Tuesday, March 31, 2020

Focus Stacking your way to images with more depth of field and cleaner backgrounds

Tom and I are making the best of this 'Stay at Home' directive by viewing it as our "Artist in Residence" period https://www.photographybylisaandtom.com/Creative/Spring2020-Artist-in-Residence/

What to do during this very strange time in our lives? It is scary out there, so we are staying inside and doing our part to flatten the curve by creating images with humor, creativity and/or beauty.

Join our email list and get content like this and more sign up here http://tinyurl.com/cuchara-photolist

We have also been photographing a lot using focus-stacking in-camera.

Focus stacking is the technique of taking a series of images, with the focus point at the closest to the camera and then moving it mm by mm towards the back of the subject. With dSLRs, focus stacking was tedious and took a lot of work in camera and in post-processing, and often requires extra equipment like focus rails, CamRangers, Cognisys, etc. Today there are are a bunch of cameras that will focus bracket in-camera, including the Nikon Z, Nikon d850, Fuji XT3, Panasonic and most Olympus cameras. The images are then layered into software (Zyreene stacker, Helicon Focus, or even Photoshop for the simpler series). Olympus cameras take this one step further and allow you to focus bracket, or to avoid the post-processing step and focus stack in-camera. This allows for greater depth of field, cleaner backgrounds, and more productivity.

How to focus stack: go to menu, camera 2, bracketing, focus bracketing, on. then choose focus bracketings (3-999 images) or focus stacking (3-15 images, EM1 mark 11 users if you only see 8 then you need to update your firmware), choose the differential (1-10, try 4-5 at first for most flowers and bug subjects). You can also focus stack with flash, the flash coordinates with the camera to recycle and go off for each focus slice.

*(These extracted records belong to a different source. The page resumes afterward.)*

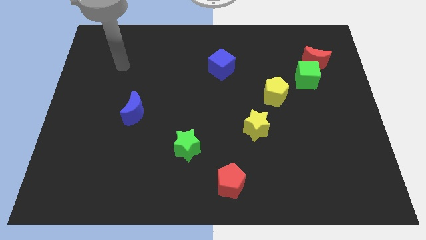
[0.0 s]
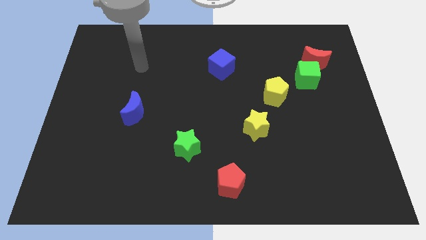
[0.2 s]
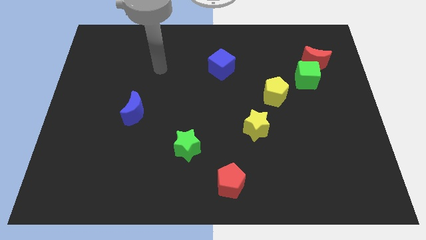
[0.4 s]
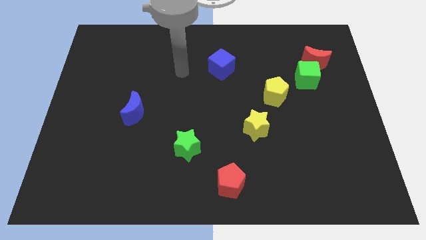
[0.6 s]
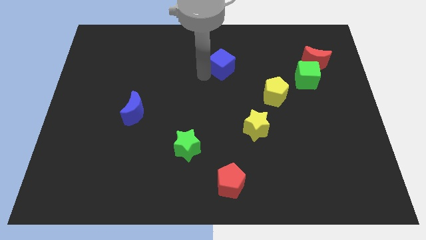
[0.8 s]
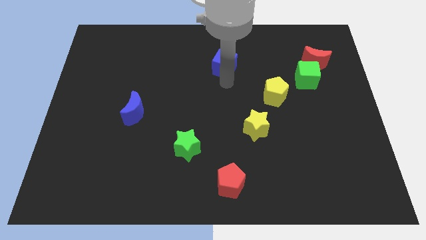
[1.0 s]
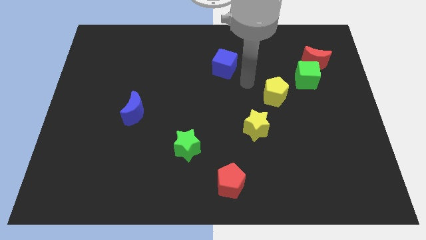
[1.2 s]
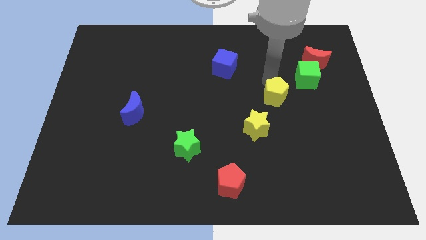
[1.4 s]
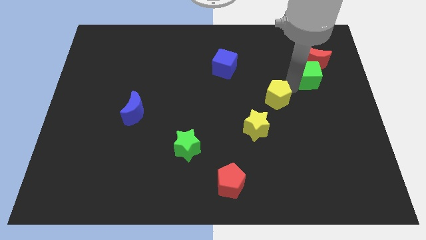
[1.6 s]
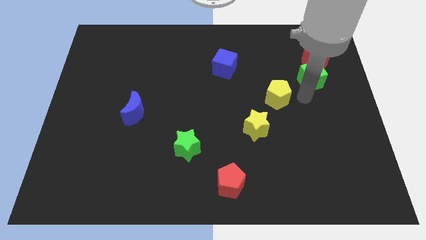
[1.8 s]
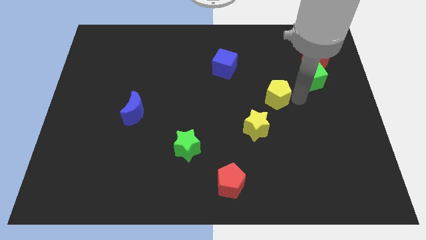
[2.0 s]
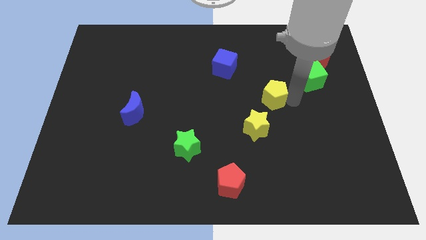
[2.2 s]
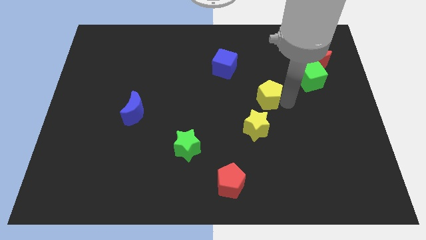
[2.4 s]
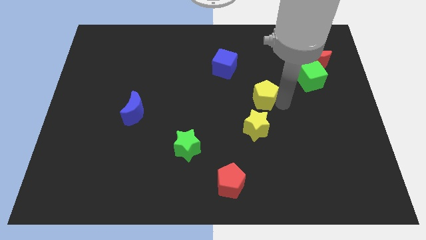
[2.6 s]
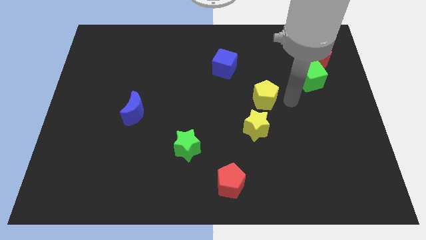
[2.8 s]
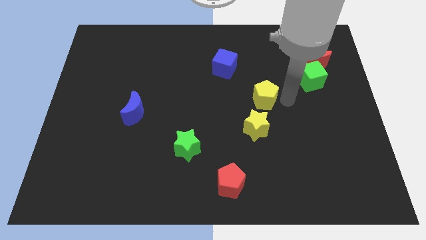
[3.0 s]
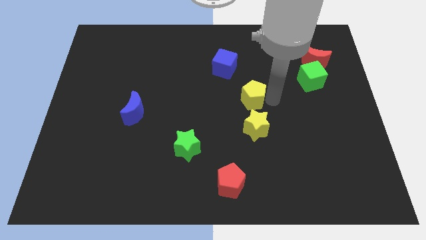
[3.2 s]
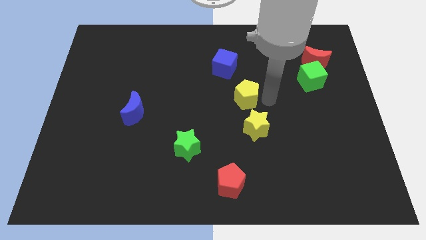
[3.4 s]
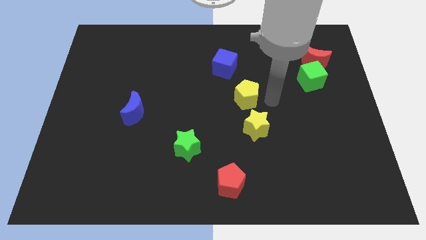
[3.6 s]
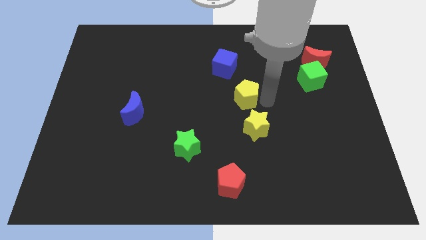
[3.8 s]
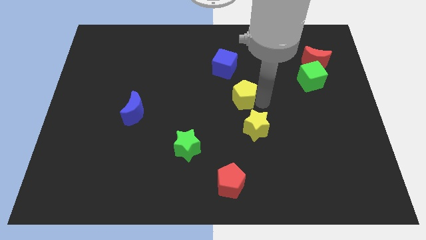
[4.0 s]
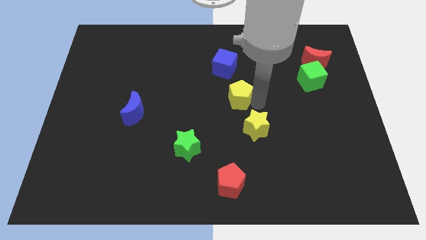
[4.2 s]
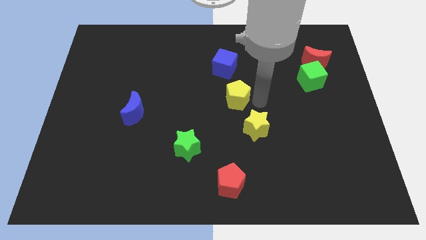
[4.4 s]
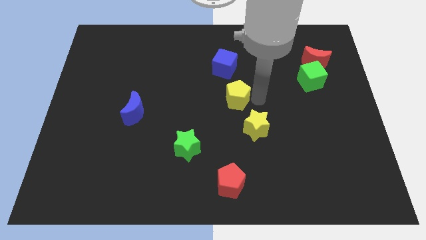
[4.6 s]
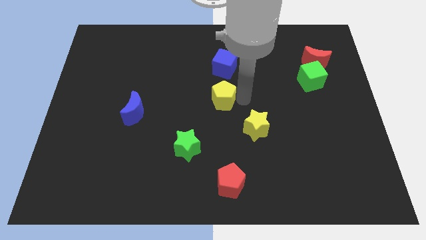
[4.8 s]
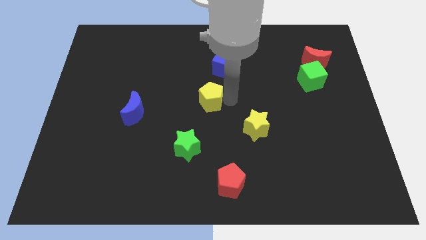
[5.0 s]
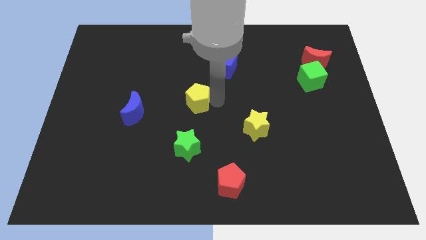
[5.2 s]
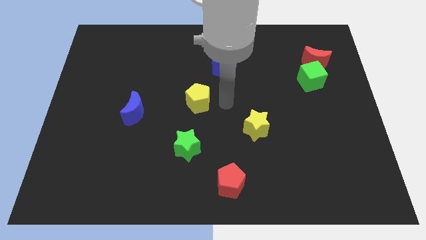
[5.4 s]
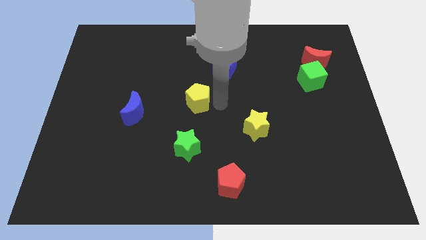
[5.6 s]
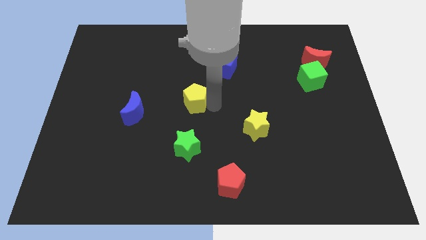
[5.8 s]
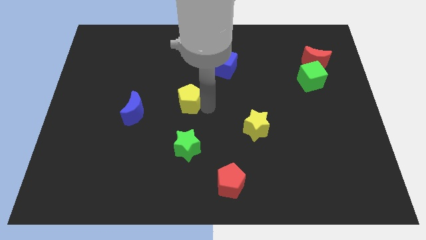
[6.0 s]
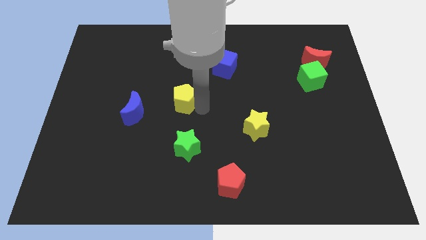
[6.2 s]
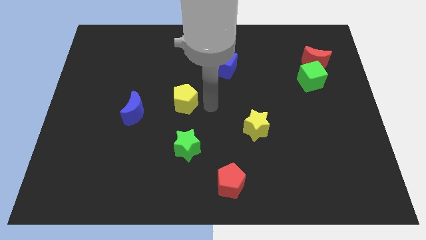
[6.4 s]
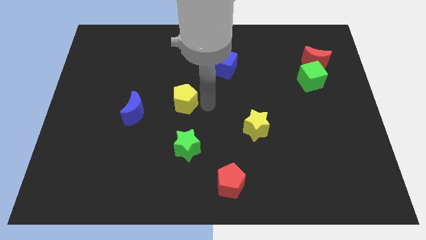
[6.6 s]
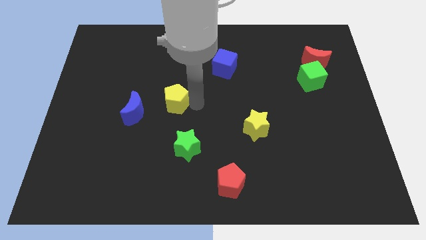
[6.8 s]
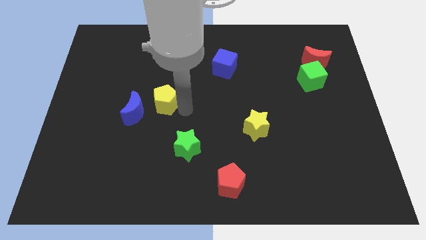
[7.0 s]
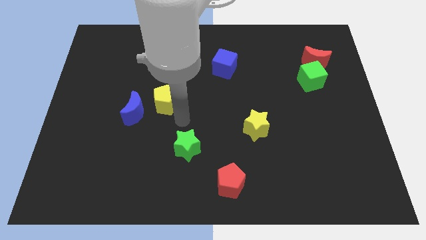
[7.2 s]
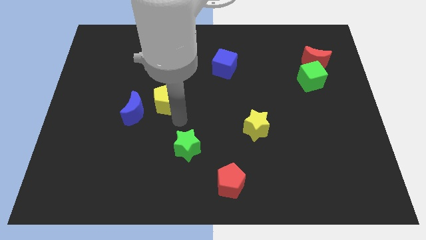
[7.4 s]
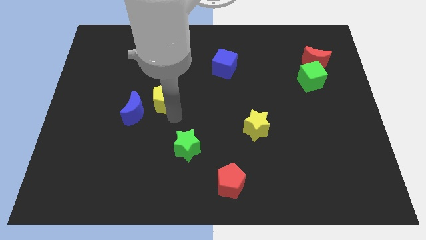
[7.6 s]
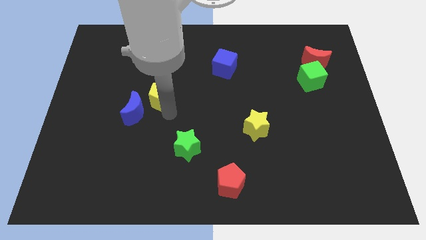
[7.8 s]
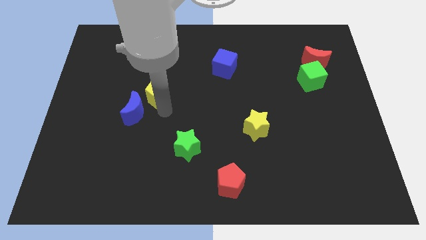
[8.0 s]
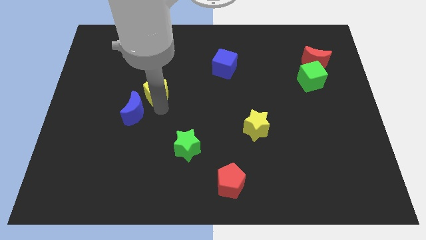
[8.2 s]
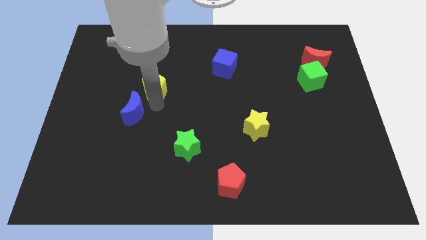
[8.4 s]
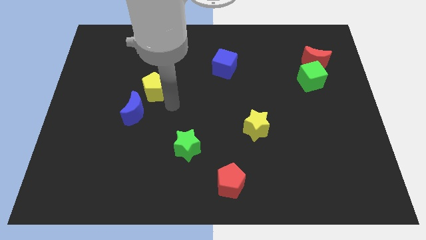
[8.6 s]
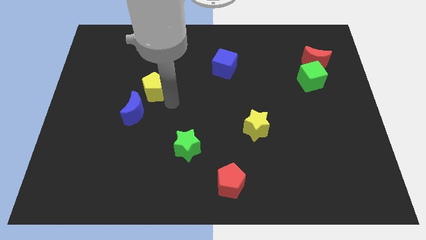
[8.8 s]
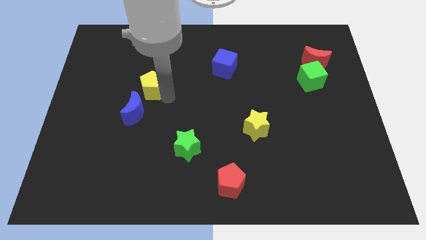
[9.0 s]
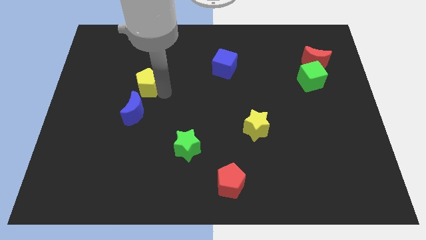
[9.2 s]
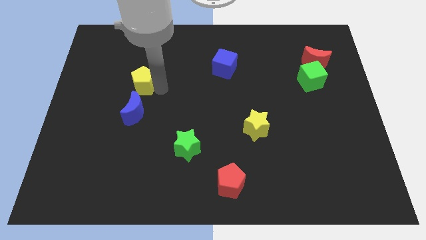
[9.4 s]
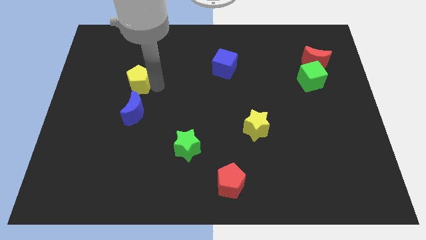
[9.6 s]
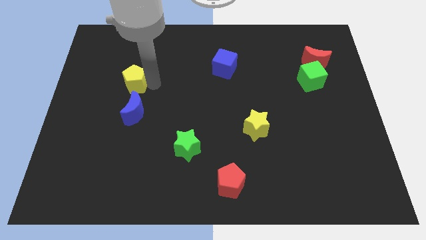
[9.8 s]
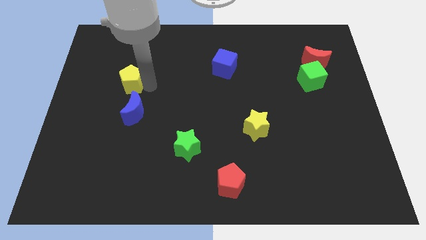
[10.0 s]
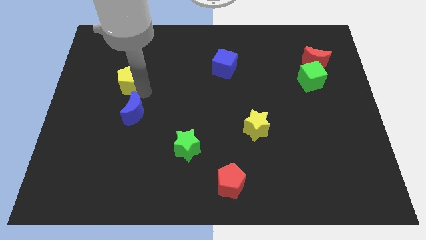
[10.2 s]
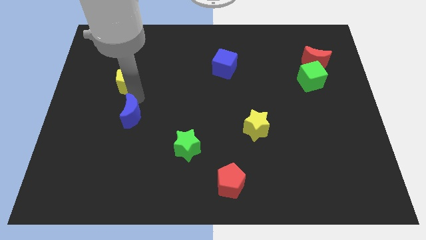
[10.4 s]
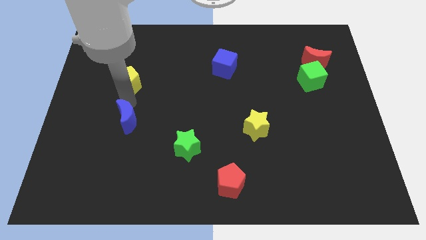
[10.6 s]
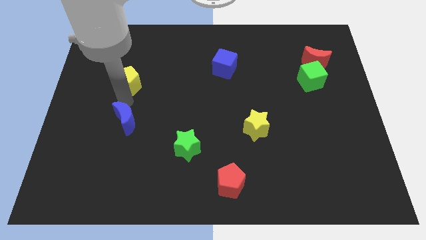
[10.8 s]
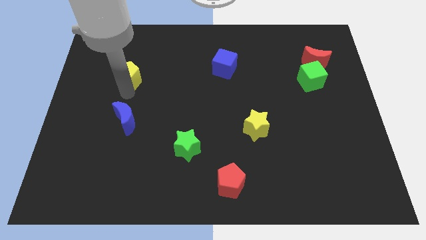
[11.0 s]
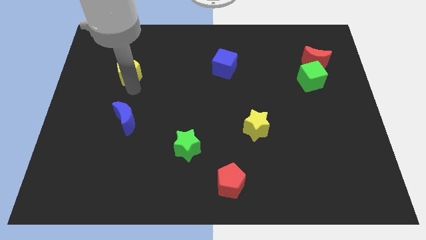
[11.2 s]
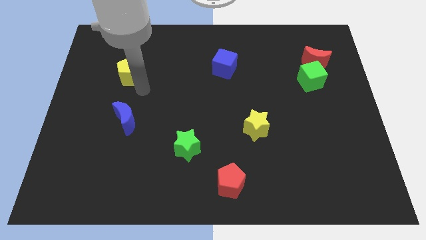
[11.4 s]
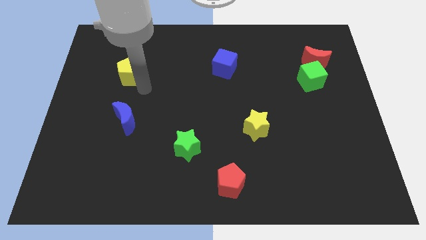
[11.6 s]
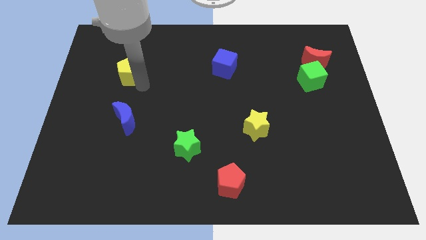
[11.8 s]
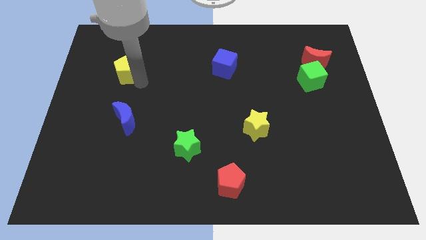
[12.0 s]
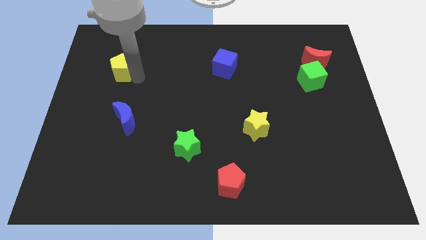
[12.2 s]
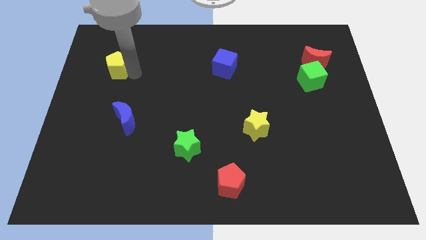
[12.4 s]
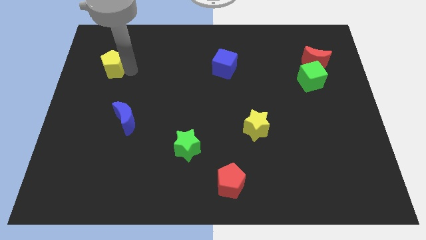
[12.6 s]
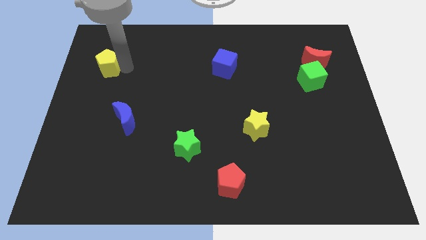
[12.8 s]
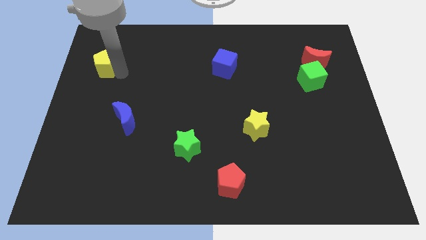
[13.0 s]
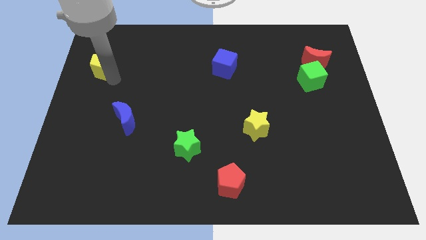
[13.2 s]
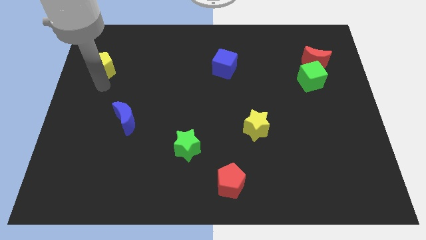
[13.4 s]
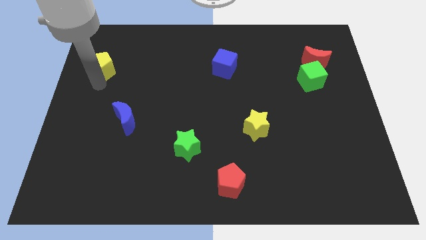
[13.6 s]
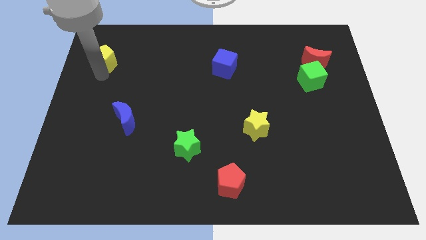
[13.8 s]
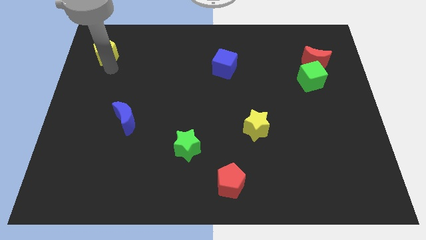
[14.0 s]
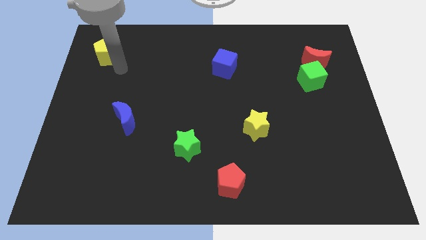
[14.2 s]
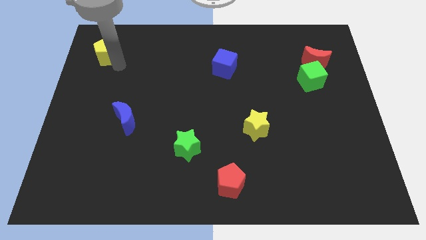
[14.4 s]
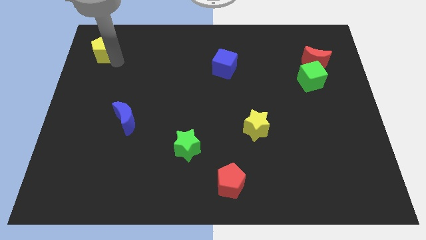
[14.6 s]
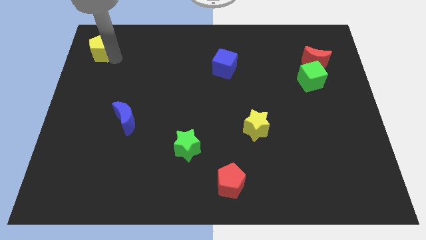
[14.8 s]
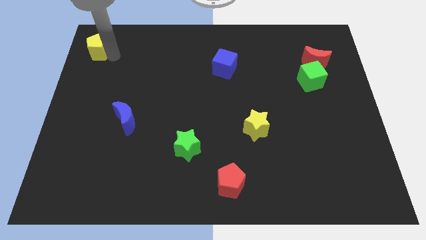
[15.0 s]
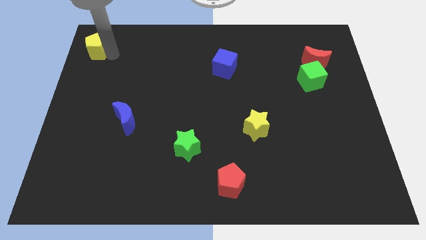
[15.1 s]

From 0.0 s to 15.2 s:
move the yellow pentagon to the top left

* Focus Stacking available with OM-D E-M1 and E-M1 Mark II camera bodies using M.Zuiko Digital ED 12-40mm F2.8 PRO, 60mm F2.8 Macro, and 30mm F3.5 Macro lenses. ** Focus Bracketing available with OM-D E-M1, E-M1 Mark II, E-M5 Mark II, and E-M10 Mark II camera bodies.

We do most of our focus stacking with the 60mm macro lens https://amzn.to/39inhoA

Olympus STF-8 twin flash https://amzn.to/2UplERV
*Compatible with: M.ZUIKO DIGITAL ED 30mm F3.5 Macro, M.ZUIKO DIGITAL ED 60mm F2.8 Macro, M.ZUIKO DIGITAL ED 12-40mm F2.8 PRO

Focus stacking with Olympus means that straight out of the camera (SOOC) your image is sharp front to back with a beautifully blurred background. Sometimes you just need to shoot at 2.8-f4 in order to have a pleasing background, other times you need focus stacking because the subject has more depth of field than f22 will give you.



For this image, taken last year, f2.8 gave a nice background but the poppy was not sharp through and through. f22 resulted in a sharper poppy, but with a trade-off of a distracting background. 8 images focus stacked in-camera at f2.8 gave the best of both worlds.

I just love the backgrounds with focus-stacking. I often choose a background first and then find a subject to place in the background. 


I just love the backgrounds with focus-stacking


I was photographing this preserved moth, above, when I kept hearing fluttering. This Cecropia moth had emerged early...




 The 60mm lens is effectively 120mm with a 2:1 life size ability. I use if as a closeup lens for ~80% of my images, but with the flick of a lever you can take the lens into true macro range like with the closeup of this Cecropia moth

Live critters, like these little lemur frogs, sometimes will sit still long enough for you to focus stack, but start with things that do not move

The rhino beetle is a preserved specimen, but the Amazon Milk frog was alive and hopping. I have a way of walking to my froggies and they will often settle down quite nicely, like this little froggie did -- so I could focus stack this to have the beetle sharp through and trhrough.